Content starts

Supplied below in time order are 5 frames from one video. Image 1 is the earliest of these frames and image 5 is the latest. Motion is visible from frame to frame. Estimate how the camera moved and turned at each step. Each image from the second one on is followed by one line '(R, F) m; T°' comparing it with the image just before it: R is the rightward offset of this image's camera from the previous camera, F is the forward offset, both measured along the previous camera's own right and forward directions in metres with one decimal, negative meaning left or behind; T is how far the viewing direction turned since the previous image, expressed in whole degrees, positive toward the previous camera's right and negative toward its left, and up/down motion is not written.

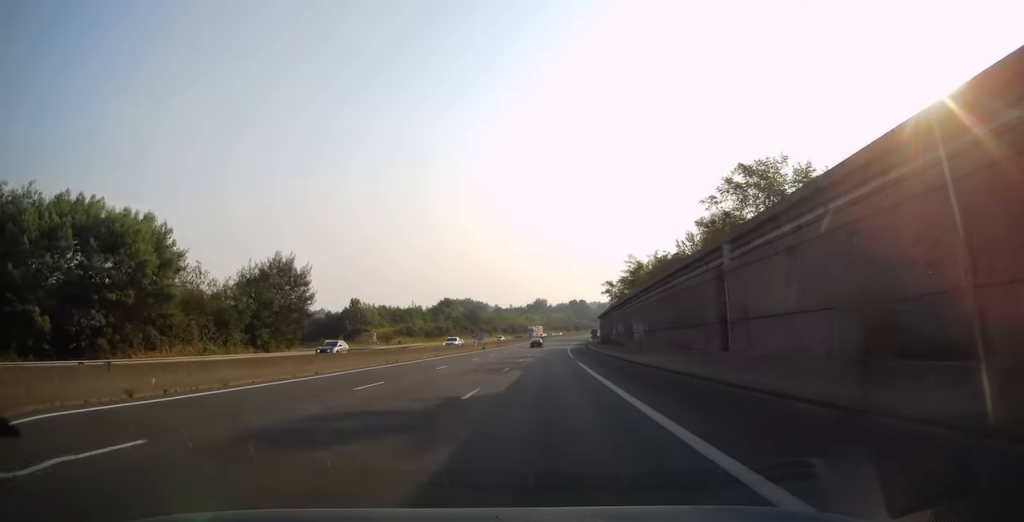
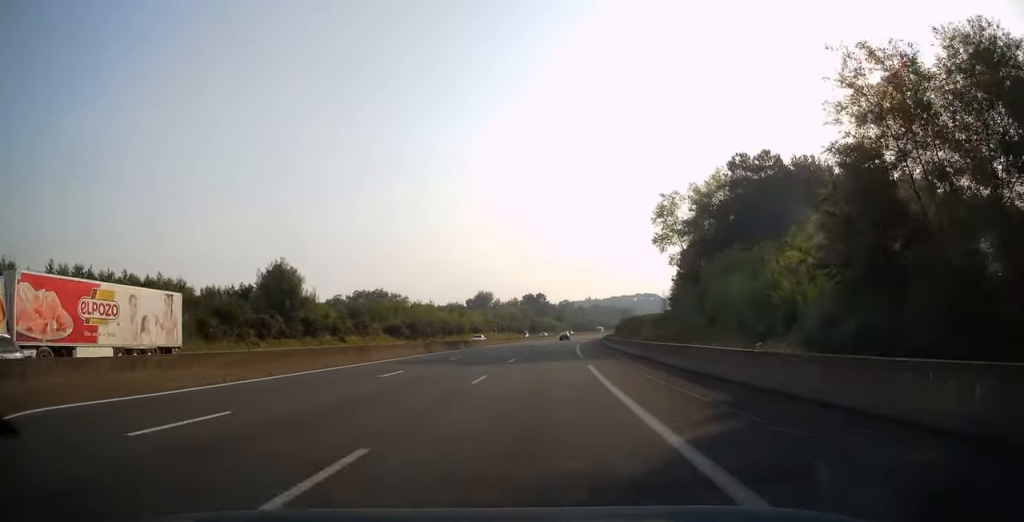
(+3.9, +112.8) m; +4°
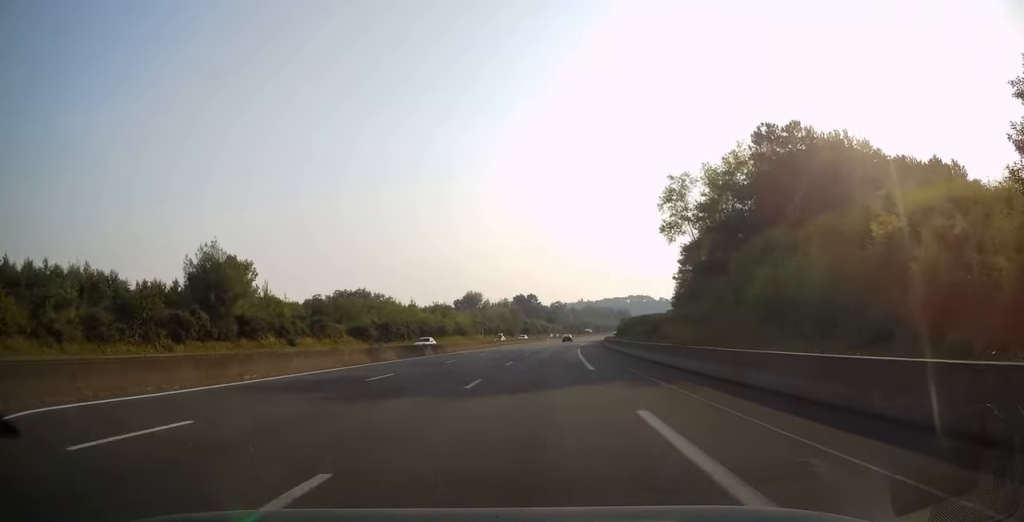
(+0.2, +14.2) m; +1°
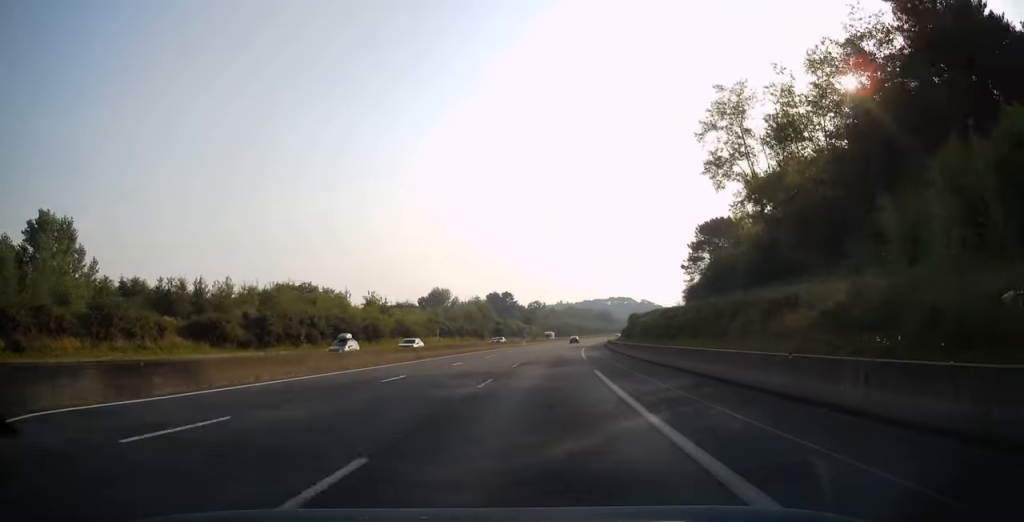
(+0.7, +37.6) m; +3°
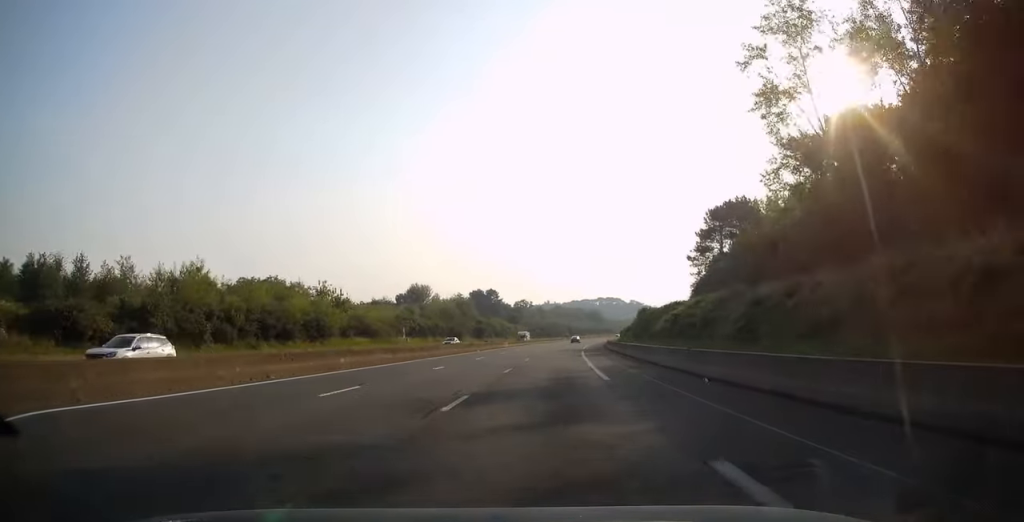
(+0.3, +18.3) m; +1°

Content ends

_What is expected:_ The copy must match each record exactly, apart from the images, which stay out.

_Output of the task:_
Supplied below in time order are 5 frames from one video. Image 1 is the earliest of these frames and image 5 is the latest. Motion is visible from frame to frame. Estimate how the camera moved and turned at each step. Each image from the second one on is followed by one line '(R, F) m; T°' comparing it with the image just before it: R is the rightward offset of this image's camera from the previous camera, F is the forward offset, both measured along the previous camera's own right and forward directions in metres with one decimal, negative meaning left or behind; T is how far the viewing direction turned since the previous image, expressed in whole degrees, positive toward the previous camera's right and negative toward its left, and up/down motion is not written.

(+3.9, +112.8) m; +4°
(+0.2, +14.2) m; +1°
(+0.7, +37.6) m; +3°
(+0.3, +18.3) m; +1°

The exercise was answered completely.